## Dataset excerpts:
---

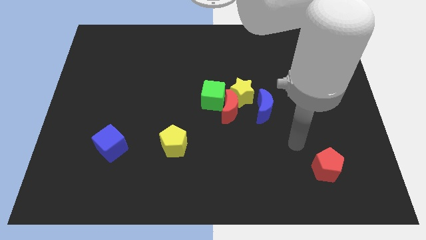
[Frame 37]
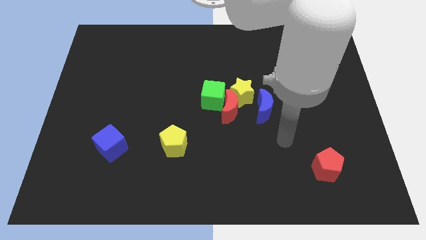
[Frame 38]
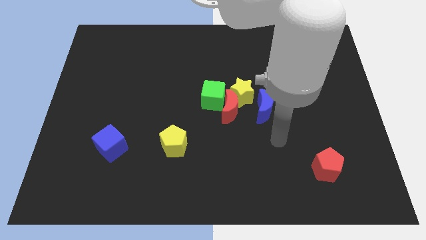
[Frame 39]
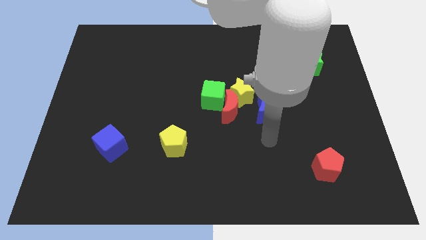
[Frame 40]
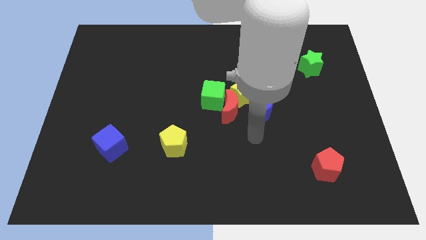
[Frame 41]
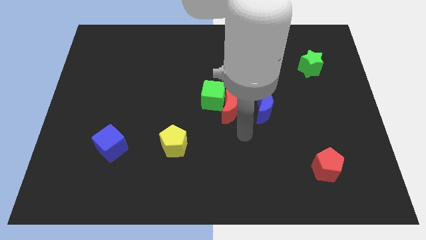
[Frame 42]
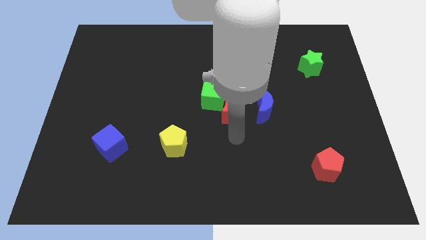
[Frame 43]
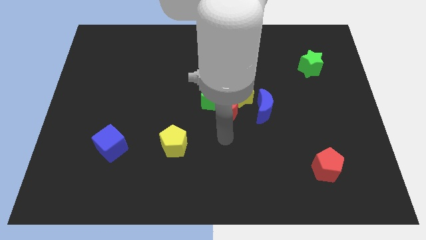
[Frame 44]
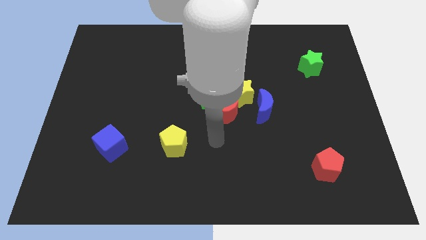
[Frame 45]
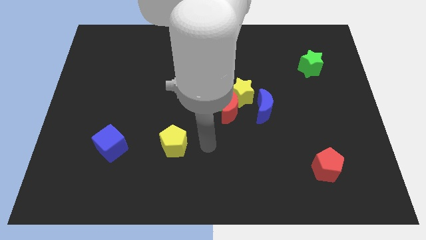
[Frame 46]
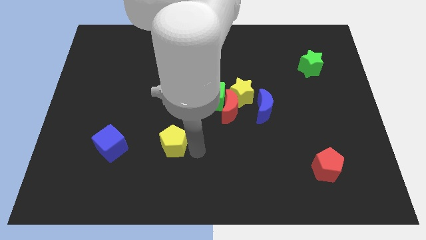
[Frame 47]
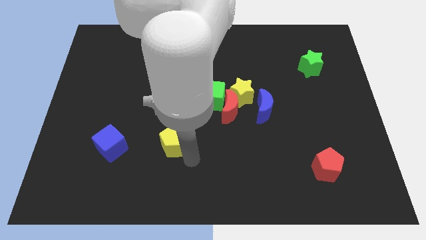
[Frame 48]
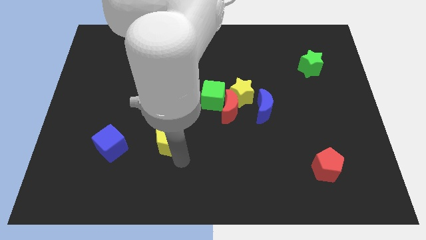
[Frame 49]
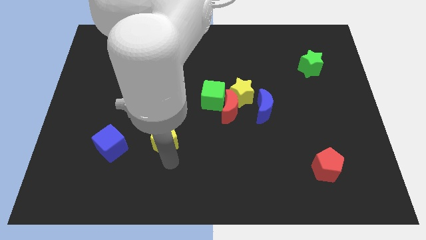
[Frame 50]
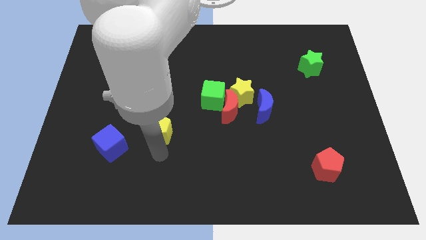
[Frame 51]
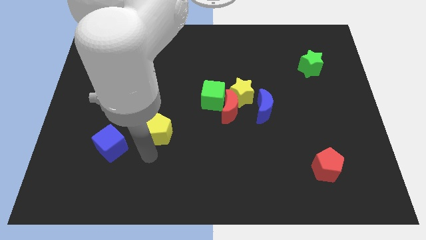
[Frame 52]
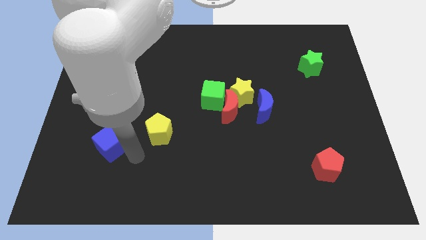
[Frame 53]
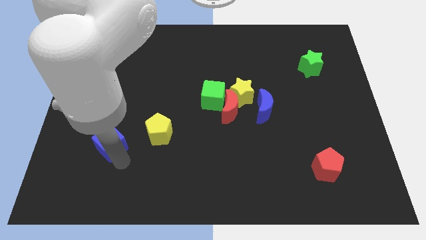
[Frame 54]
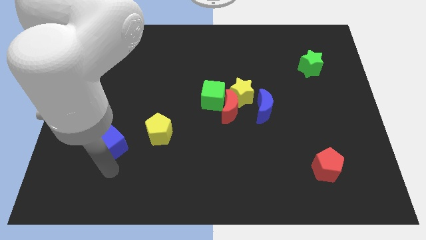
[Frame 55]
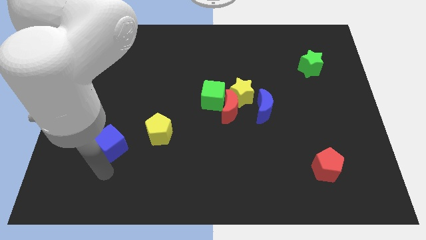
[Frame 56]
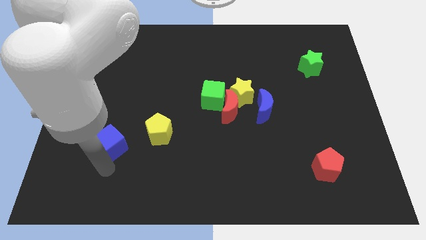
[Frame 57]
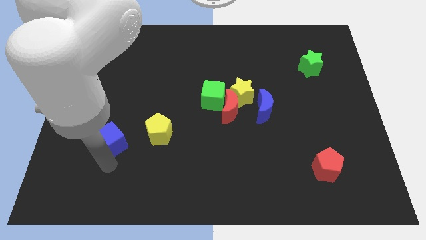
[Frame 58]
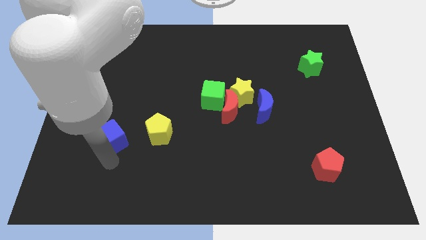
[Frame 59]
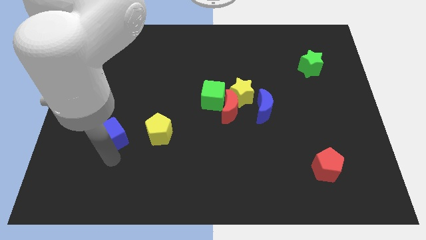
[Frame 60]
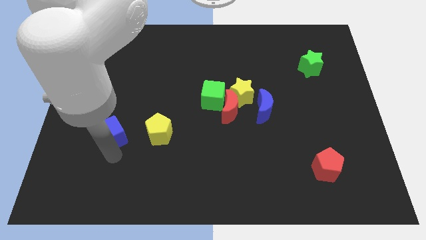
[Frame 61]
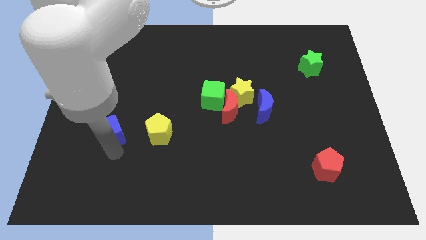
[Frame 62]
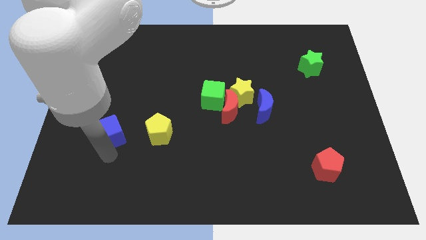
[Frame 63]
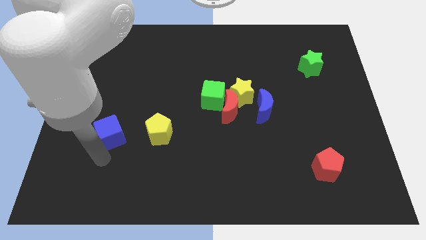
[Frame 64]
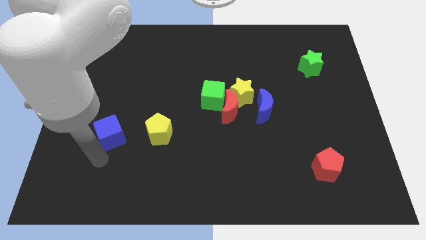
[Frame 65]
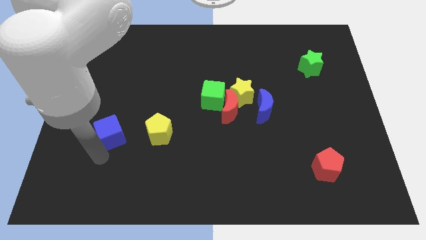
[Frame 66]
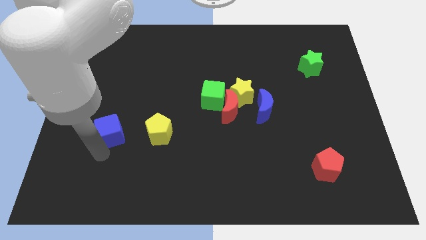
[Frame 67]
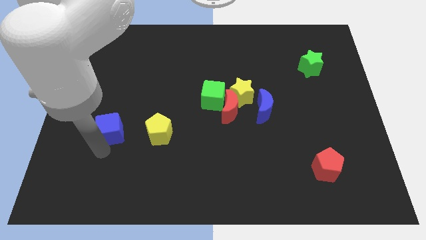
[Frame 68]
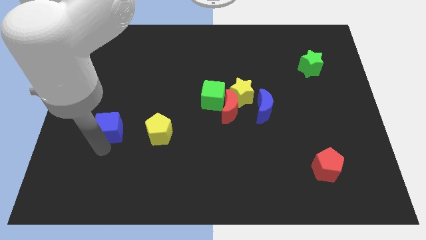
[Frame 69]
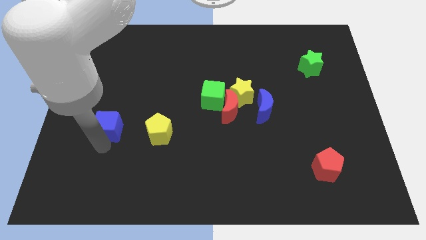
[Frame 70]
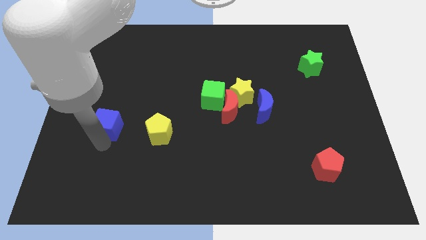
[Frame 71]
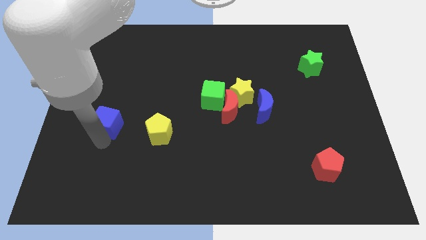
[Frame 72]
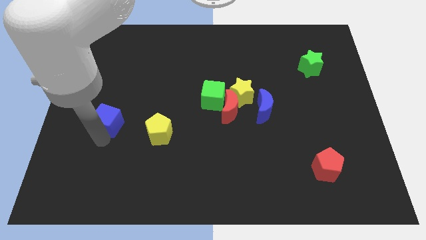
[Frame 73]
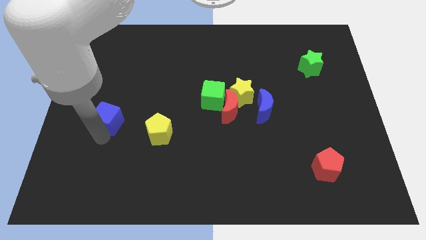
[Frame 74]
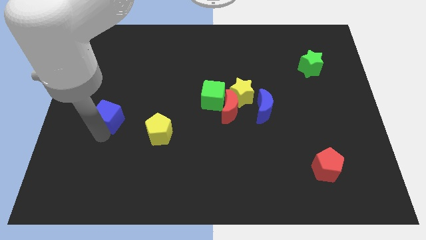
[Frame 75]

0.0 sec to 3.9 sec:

---

## WORK INSTRUCTIONS:
Set down every record once more, word for word, without pictures.

## ANSWER BOX:
[Frame 37]
[Frame 38]
[Frame 39]
[Frame 40]
[Frame 41]
[Frame 42]
[Frame 43]
[Frame 44]
[Frame 45]
[Frame 46]
[Frame 47]
[Frame 48]
[Frame 49]
[Frame 50]
[Frame 51]
[Frame 52]
[Frame 53]
[Frame 54]
[Frame 55]
[Frame 56]
[Frame 57]
[Frame 58]
[Frame 59]
[Frame 60]
[Frame 61]
[Frame 62]
[Frame 63]
[Frame 64]
[Frame 65]
[Frame 66]
[Frame 67]
[Frame 68]
[Frame 69]
[Frame 70]
[Frame 71]
[Frame 72]
[Frame 73]
[Frame 74]
[Frame 75]

0.0 sec to 3.9 sec:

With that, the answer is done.